Warrior Queen not to be outdone also felt compelled to create a card for me, which is no less touching. Please, children, do go on and compete in your expressions of all the ways in which you love me…

I could have sworn that I mentioned it in another post, but I love it so much I want to talk about it again. My main drug is chocolate. I fully admit I have a problem. I should probably join a self-help group about it, but alas I continue to nurture my cravings on a regular basis. Mostly I stock up on chocolate chips these days because it’s cheap and convenient. They also aren’t so good that I scarf an entire bag in a sitting. Additionally it helps to be able to nibble a little throughout the day when I feel compelled to. This trick allows me to feel like I’m eating more than I am, but make no mistake, I tend to supersize my quantities regardless, but it’s a difference between supersize and SUPERsize and stemming the damage.

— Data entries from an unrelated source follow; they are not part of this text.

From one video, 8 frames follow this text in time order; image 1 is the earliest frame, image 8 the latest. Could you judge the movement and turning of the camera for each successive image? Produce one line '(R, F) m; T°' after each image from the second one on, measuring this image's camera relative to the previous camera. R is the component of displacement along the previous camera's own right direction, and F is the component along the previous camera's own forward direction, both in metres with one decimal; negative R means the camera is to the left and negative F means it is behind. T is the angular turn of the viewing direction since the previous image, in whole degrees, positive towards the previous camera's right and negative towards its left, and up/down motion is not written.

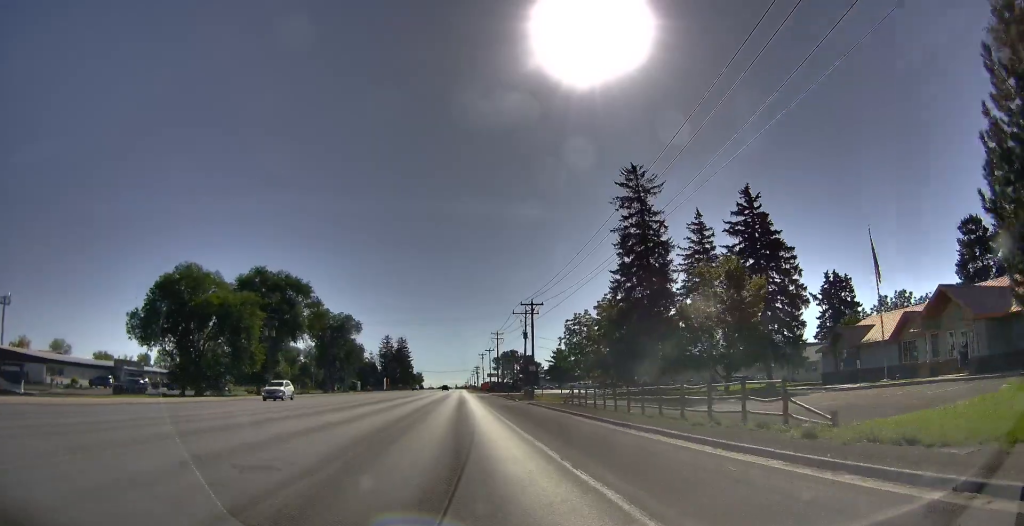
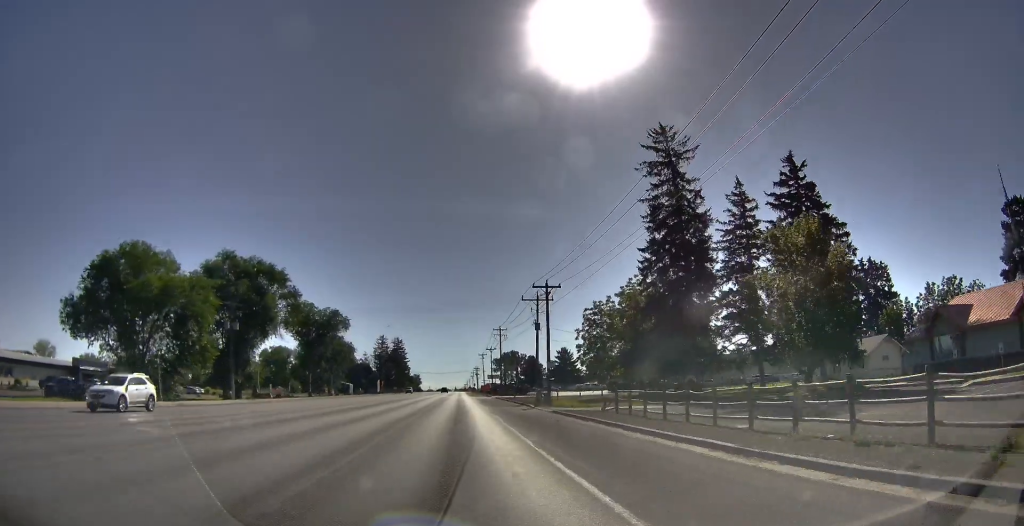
(0.0, +12.9) m; 0°
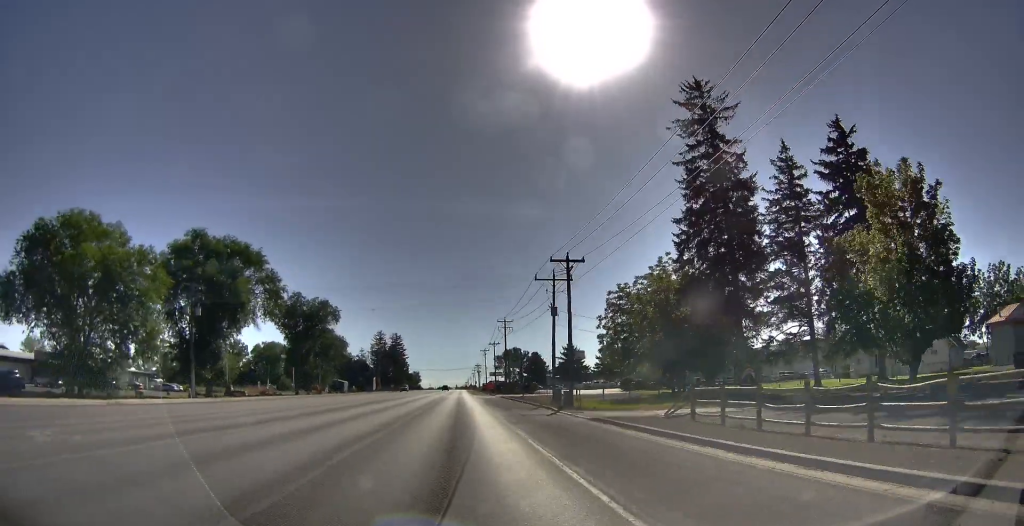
(0.0, +10.3) m; 0°
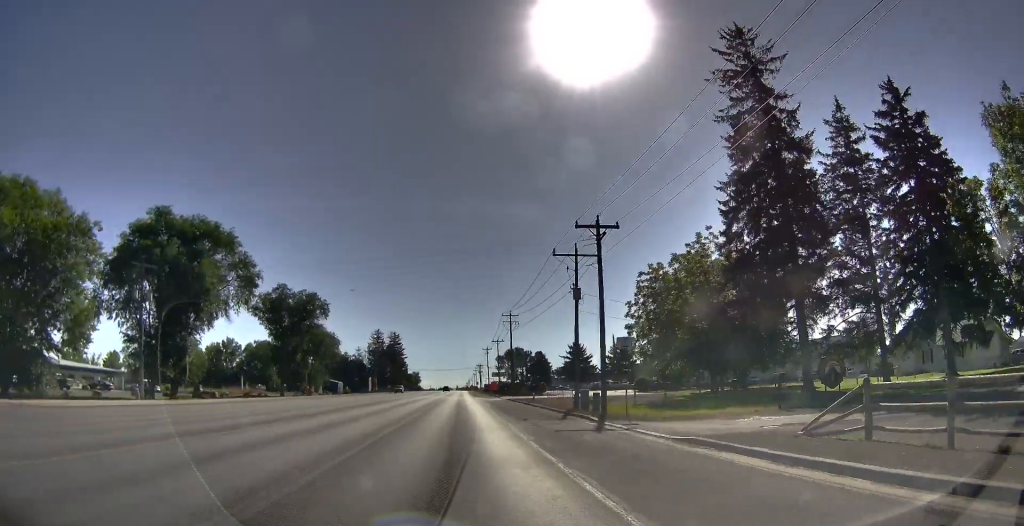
(0.0, +9.7) m; 0°
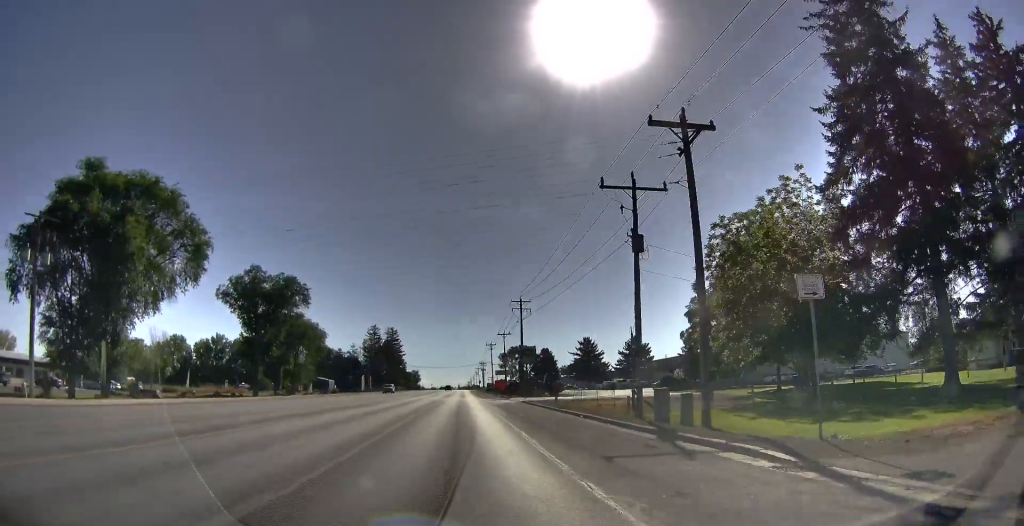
(0.0, +13.7) m; 0°
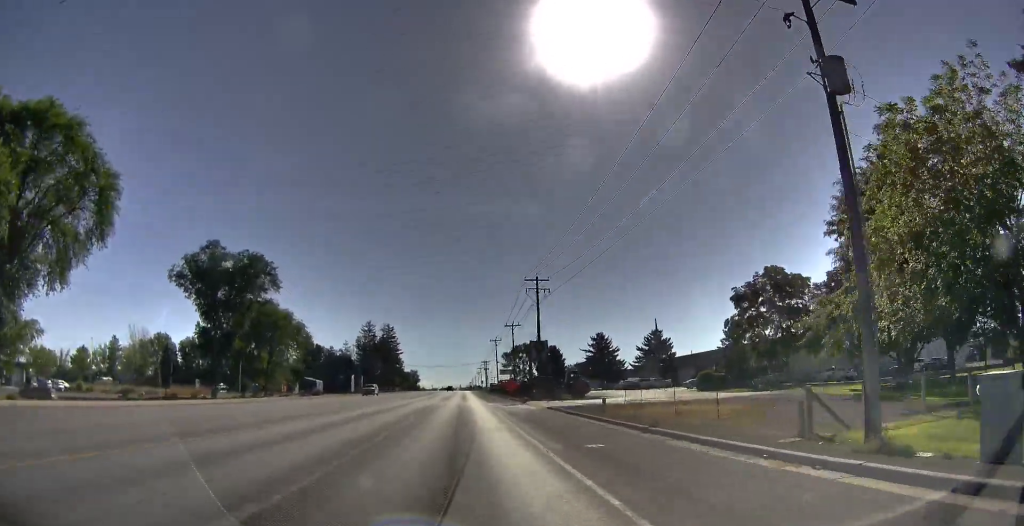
(0.0, +15.4) m; 0°
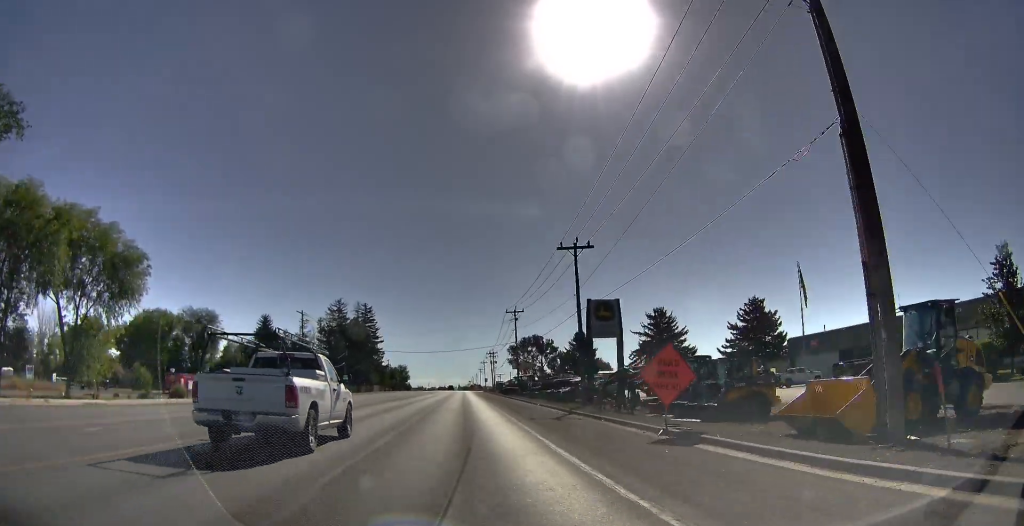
(0.0, +48.7) m; 0°
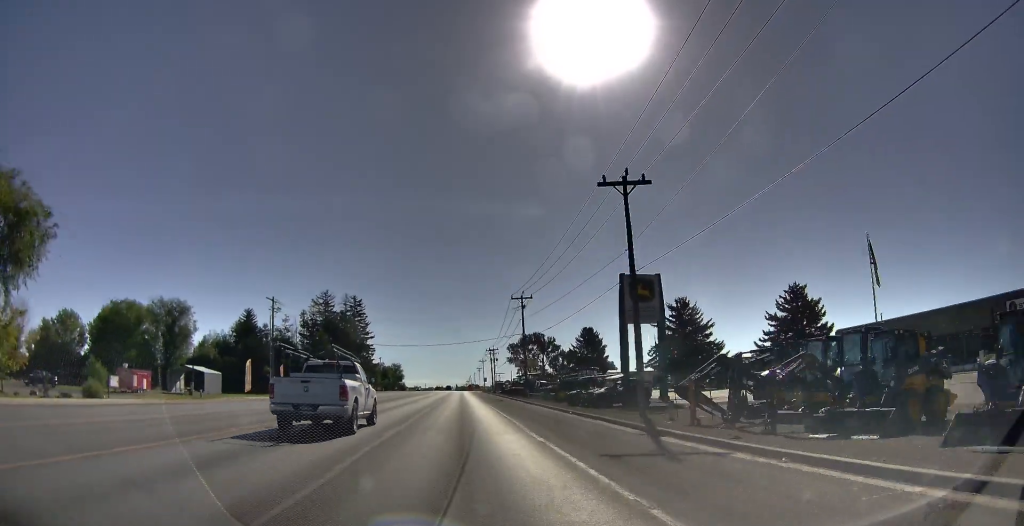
(0.0, +12.0) m; -1°

I don’t voice all of this in front of the kids. I have an unhealthy relationship with food, so I’m trying to avoid making that a thing with the them. They both have a passion for chocolate as well…because I’m an excellent parent who nurtures good taste in my offspring. It’s stunningly uncanny. Regardless of what’s happening in their world, they know when I have a plate of chocolate chips, and invariably one of the kids will ask for some. Most of the time they will ask for exactly two specifically to give the other away to their sibling. Every once in awhile they ask for a little more, but it’s always a number divisible by two so it can be shared.

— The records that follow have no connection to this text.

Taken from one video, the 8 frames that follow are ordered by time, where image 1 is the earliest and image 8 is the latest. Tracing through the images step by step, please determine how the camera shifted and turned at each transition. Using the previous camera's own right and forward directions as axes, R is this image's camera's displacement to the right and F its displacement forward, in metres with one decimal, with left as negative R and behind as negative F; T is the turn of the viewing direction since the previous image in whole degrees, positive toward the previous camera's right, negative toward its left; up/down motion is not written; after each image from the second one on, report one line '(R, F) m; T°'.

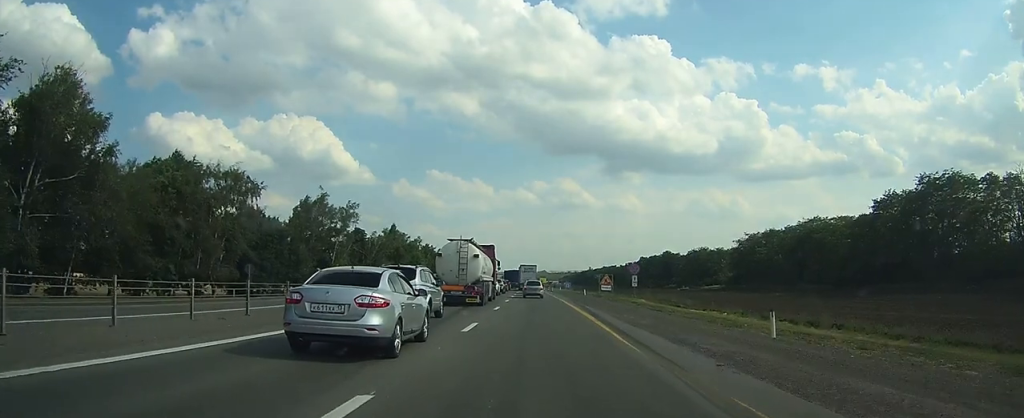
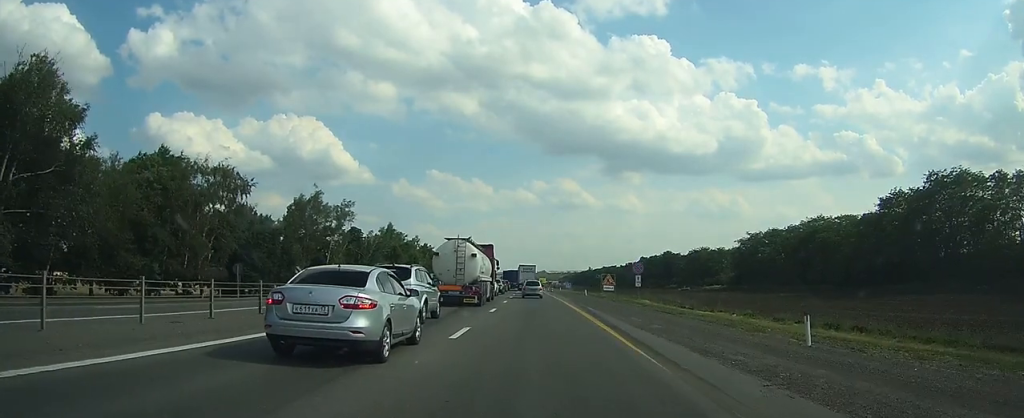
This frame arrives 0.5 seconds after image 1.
(0.0, +2.0) m; +1°
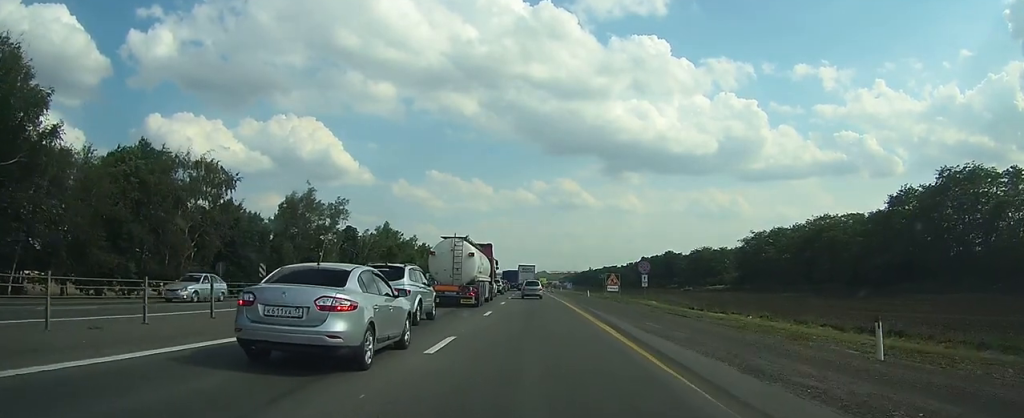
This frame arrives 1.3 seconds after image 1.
(0.0, +2.9) m; 0°
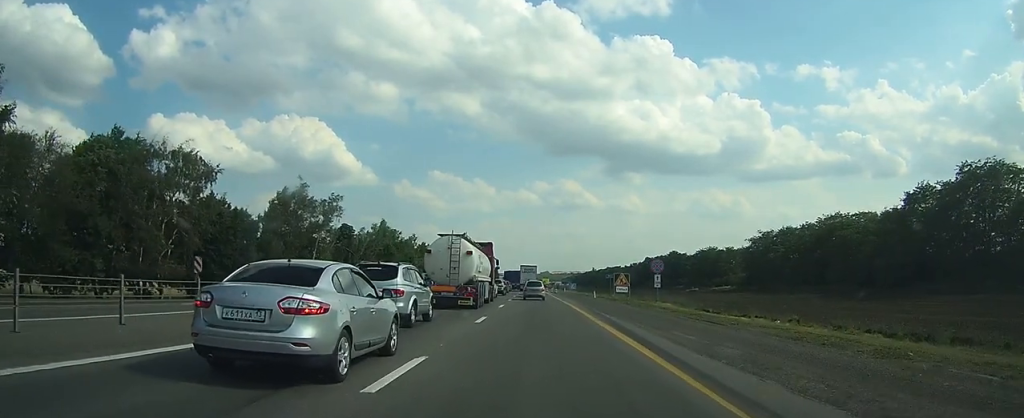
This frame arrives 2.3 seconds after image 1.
(0.0, +3.9) m; 0°
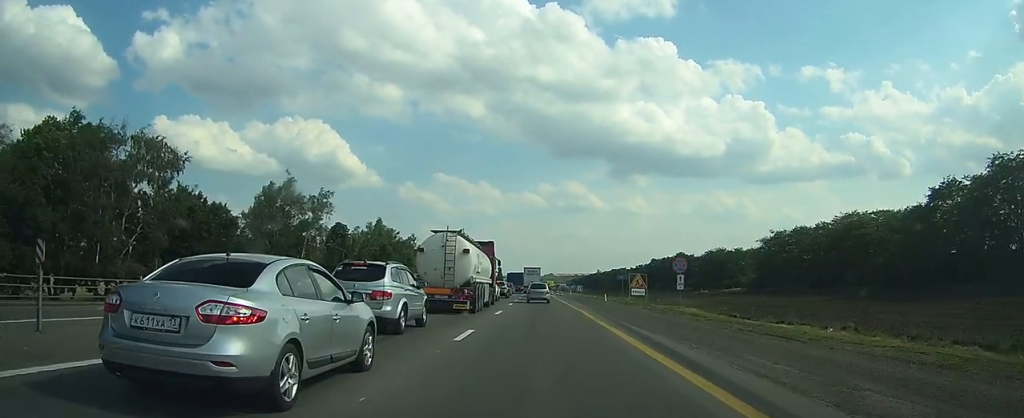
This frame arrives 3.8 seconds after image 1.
(0.0, +5.4) m; -1°
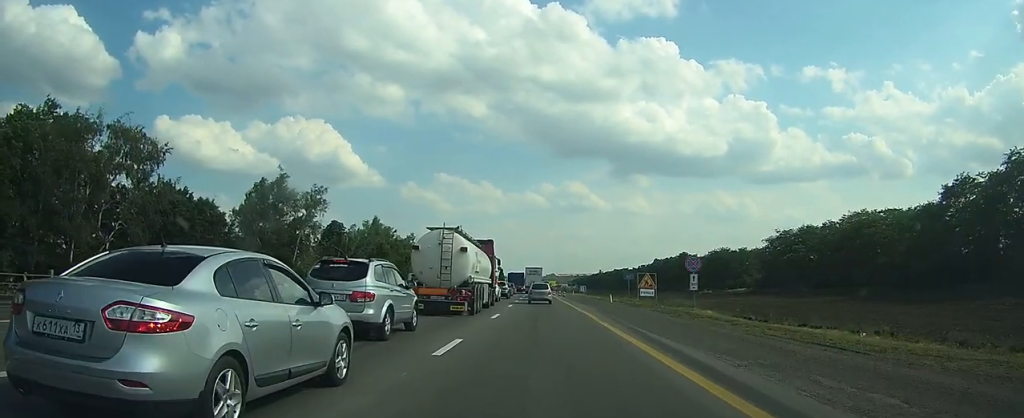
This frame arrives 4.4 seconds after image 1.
(0.0, +2.6) m; 0°
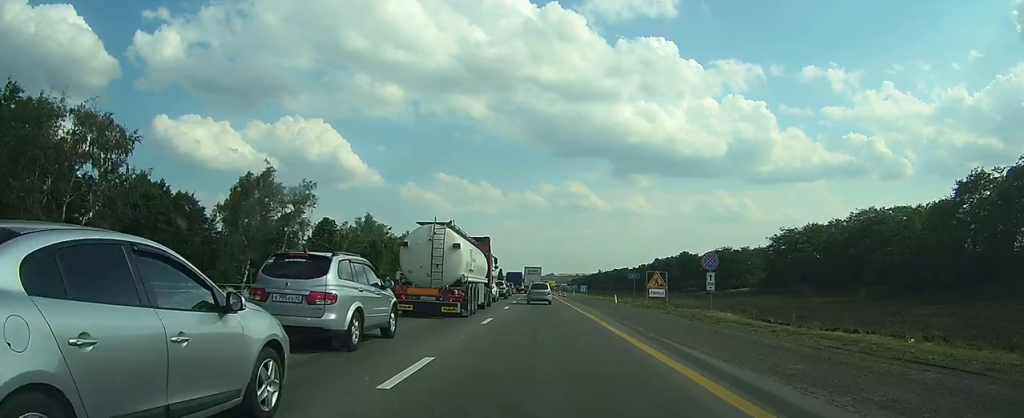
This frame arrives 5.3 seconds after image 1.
(0.0, +3.4) m; 0°
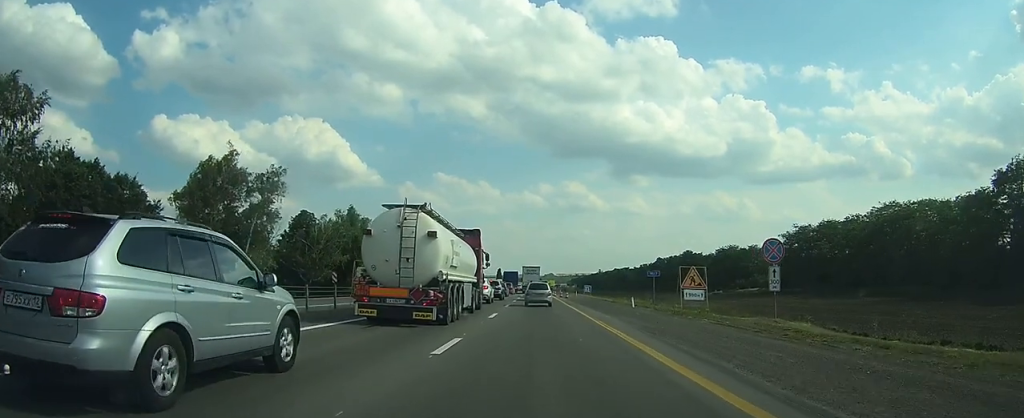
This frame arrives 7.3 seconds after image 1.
(-0.1, +8.6) m; -2°

Sometimes I’m in a room with my kids and I feel an urge to move away leaving no forwarding address. Other times there are these sweet moments that may or may not be reminiscent of earlier years. Warrior Queen hasn’t napped for the longest time, but I guess she’s been wearing herself out lately. I’ve now experienced three occasions in maybe a little over two weeks of having her fall asleep on me. Other than needing to use the restroom desperately halfway through, it’s lovely. I’ll be reading. She’s sprawled out on my lap under my blanket. At one point during the second one, she rolled over and had her cheek resting on that one spot mid chest she used to love when she was a baby. I could look down and see her marvelous cheeks and pressed lips. It was perfect. The weight of her, and she’s always so snuggly. I periodically stroked her cheek and brushed her hair out of her face. My kids slept on me for the longest time, and one day they just stopped. There was no gradual ease out of it. The habit ended, and it was sad at the time, so it’s nice to have this bonus snooze…a little like the bonus hand holding of Little Man.

Sometimes I wonder if there is a fine line between good parenting and giving up. My husband isn’t working anymore, so he’s been taking over a good deal of tasks, like bus pick-up. It figures the day that I need to step in is pouring. I love overcast days. I love the rain. I don’t like to be out in the rain, but this wasn’t bad. When it’s a freezing rain, it’s unpleasant. I should have put Warrior Queen in boots when we went to retrieve her big brother…oops…I make this mistake almost every time. My feisty girl was all showered from school…nice dress on, but the puddles were a-calling. Part of me cringed as she went through the first one, but then I stopped caring. Whatever. She’ll change her clothes for the millionth time during the day, and I will have more room under the umbrella. And, while I’m not yelling at her for getting soaked, I took some deep breaths and vaguely watched where she was going. It’s not like things are busy in the neighborhood. I have to watch and pay attention, but it’s not a constant vigilance for cars. We are far enough down that there is plenty of warning when people are coming. Besides, the bestest puddles were essentially streams at the side of the road going into the sewer. She was happy. I was given a short reprieve from hearing a loop of, “Mom,” on two second repeats. That was a pretty big win. Little Man eventually made it home and I could hear about the benefits of the rain for the small rose bushes my husband just planted.